Voor de mode en de kunsten betekent dit dat er gekeken wordt naar de Renaissance en de Middeleeuwen. Deze periode wordt de Biedermeiertijd genoemd (1815-1848). Waarden als deugdzaamheid, preutsheid en huiselijkheid staan hoog in het vaandel, met name voor vrouwen. Ze worden gezien als teer en breekbaar. De nieuwe mode draagt hieraan bij. Er worden eenvoudige katoenen stoffen gedragen, die vaak bedrukt zijn met kleine bloemmotieven. De taille zakt langzaam weer naar de natuurlijke plaats. Om een smalle, ingesnoerde taille te benadrukken worden de rokken steeds wijder en de mouwen steeds groter.

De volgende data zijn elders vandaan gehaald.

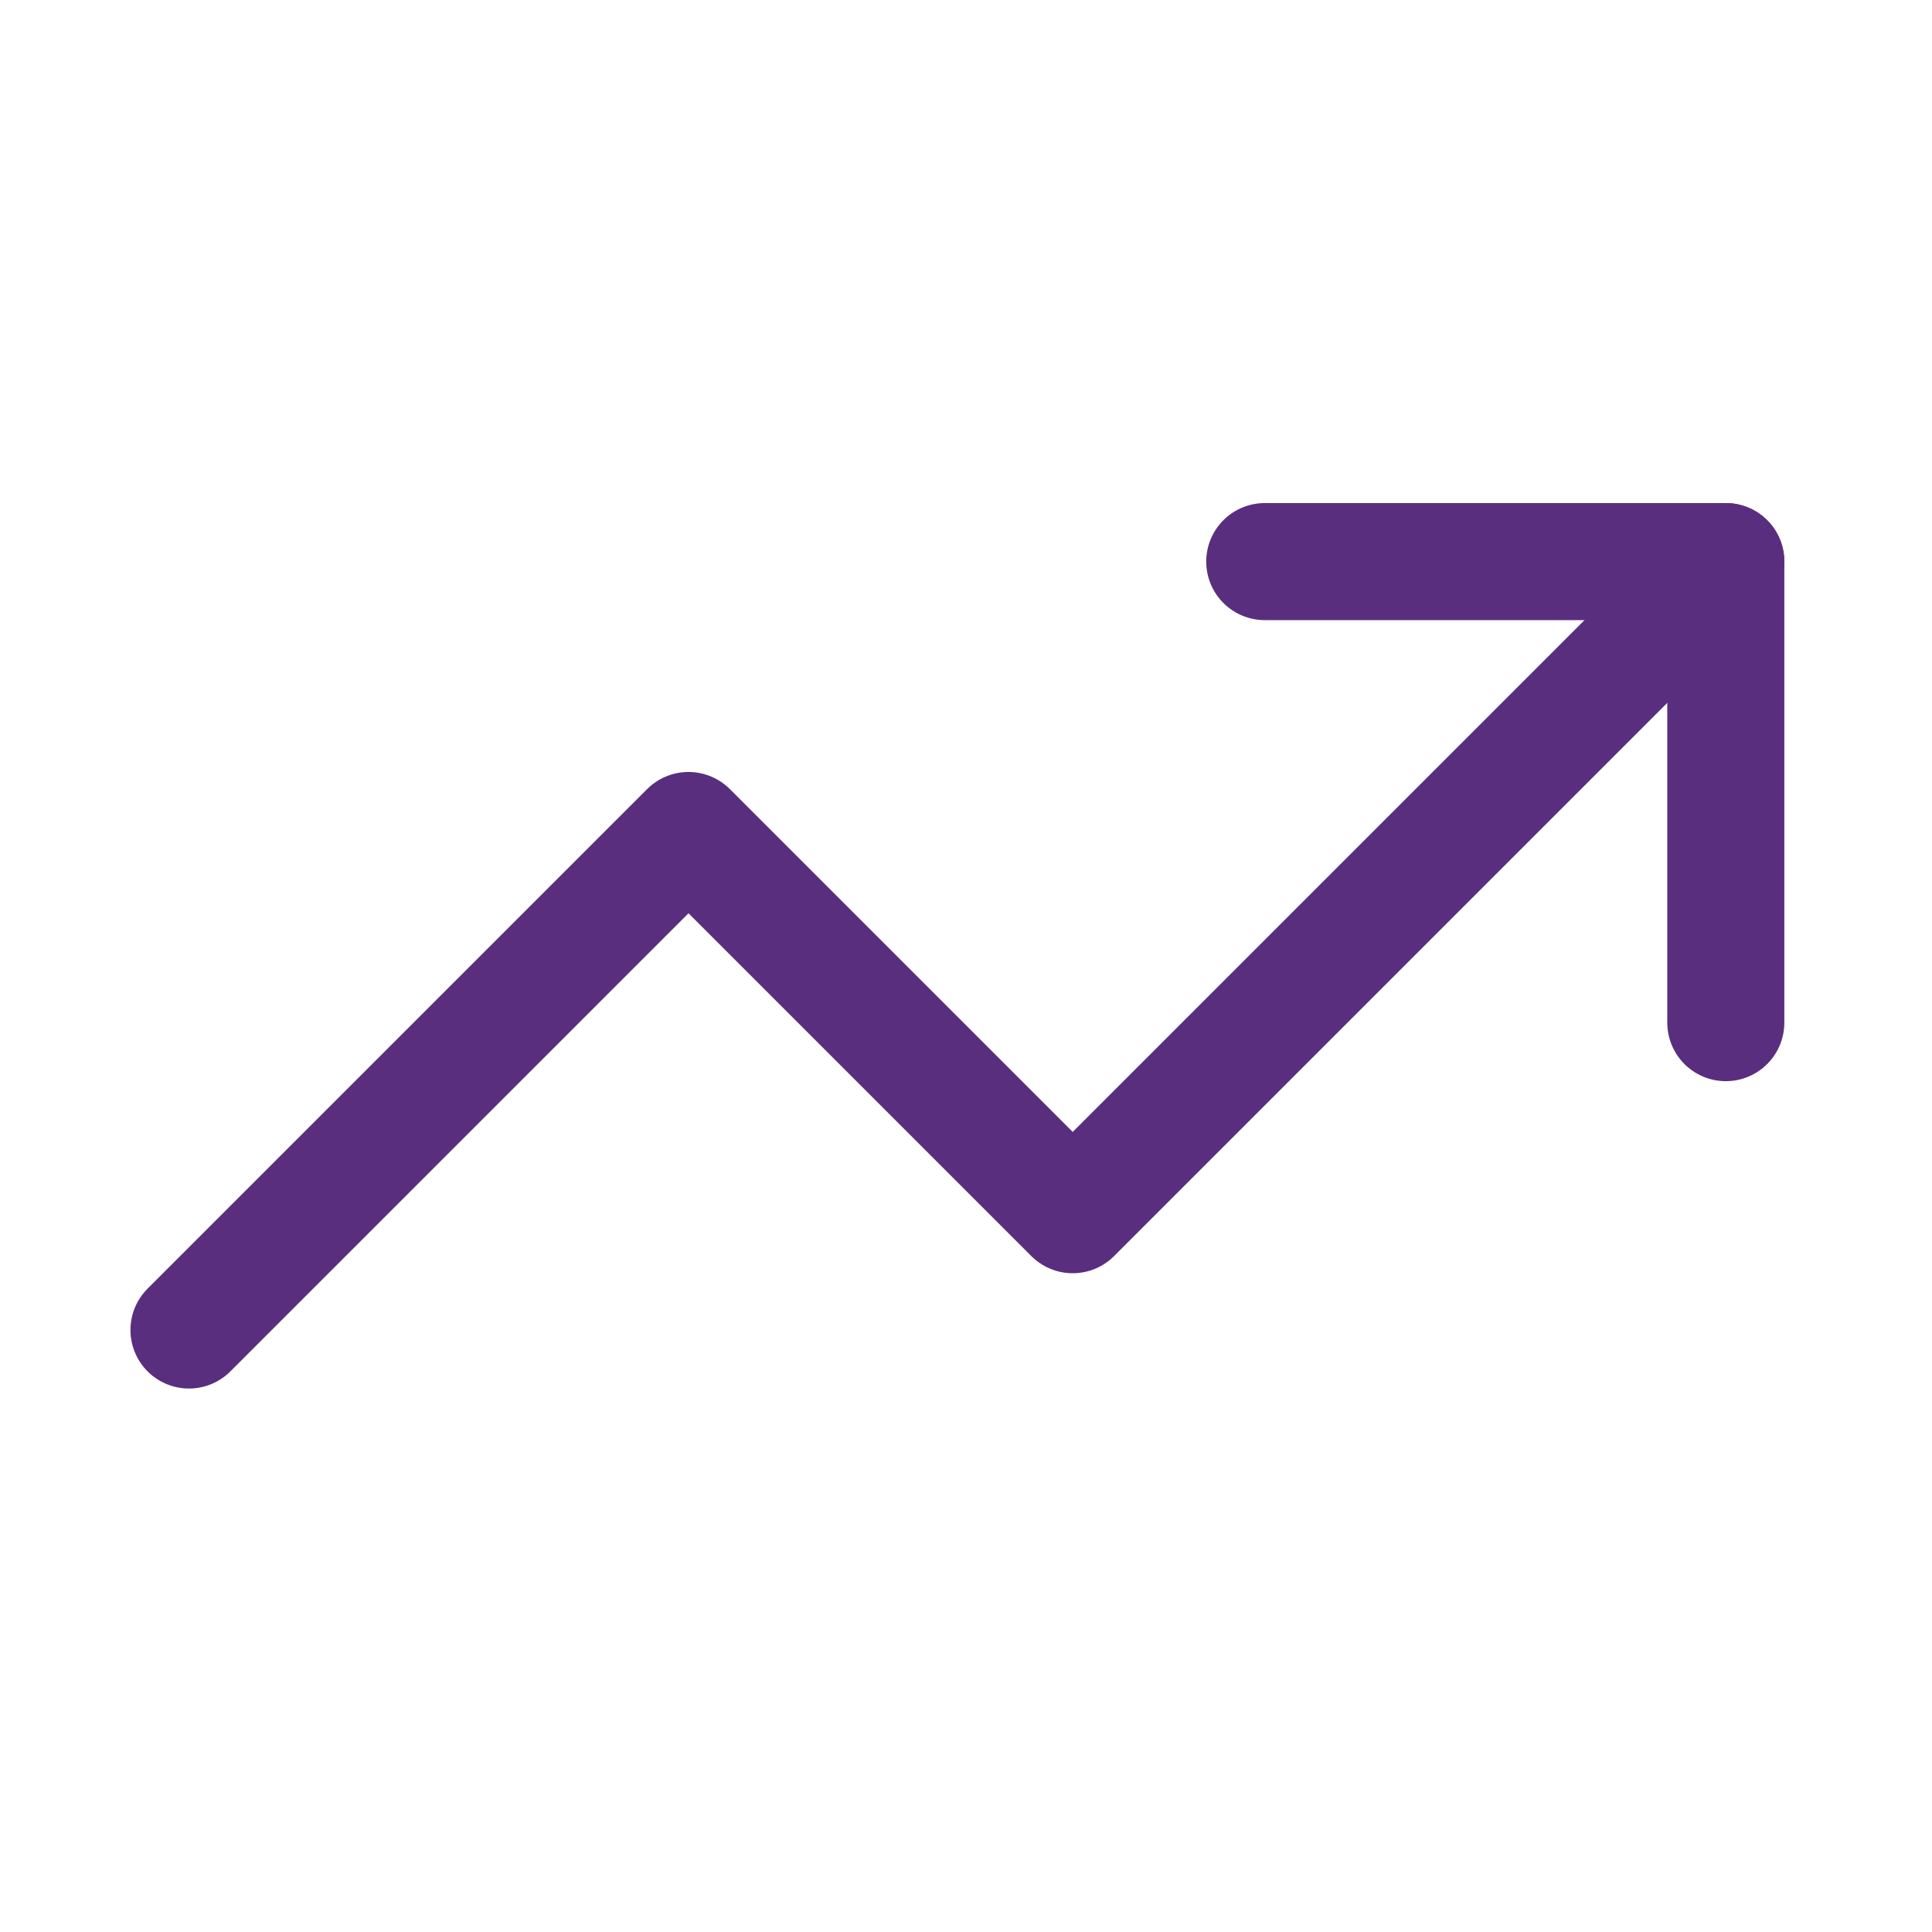 <svg width="22" height="22" viewBox="0 0 22 22" fill="none" xmlns="http://www.w3.org/2000/svg">
<path d="M19.652 6.395L12.215 13.832L7.84 9.457L2.152 15.145" stroke="#5A2E7E" stroke-width="1.333" stroke-linecap="round" stroke-linejoin="round"/>
<path d="M14.402 6.395H19.652V11.645" stroke="#5A2E7E" stroke-width="1.333" stroke-linecap="round" stroke-linejoin="round"/>
</svg>

Zulk soort mouwen worden ook schapenboutmouwen genoemd. Door de laag ingezette mouwen kon de draagster zich niet vrij bewegen, dit versterkt het beeld van een tere vrouw met afhangende schouders. Rond 1835 is de grootste omvang van de mouw bereikt. In de jaren hierna zakken de wijde mouwen naar de pols om vervolgens uit het modebeeld te verdwijnen. Rond 1840 zijn de mouwen weer glad. ( Leonie Sterenborg)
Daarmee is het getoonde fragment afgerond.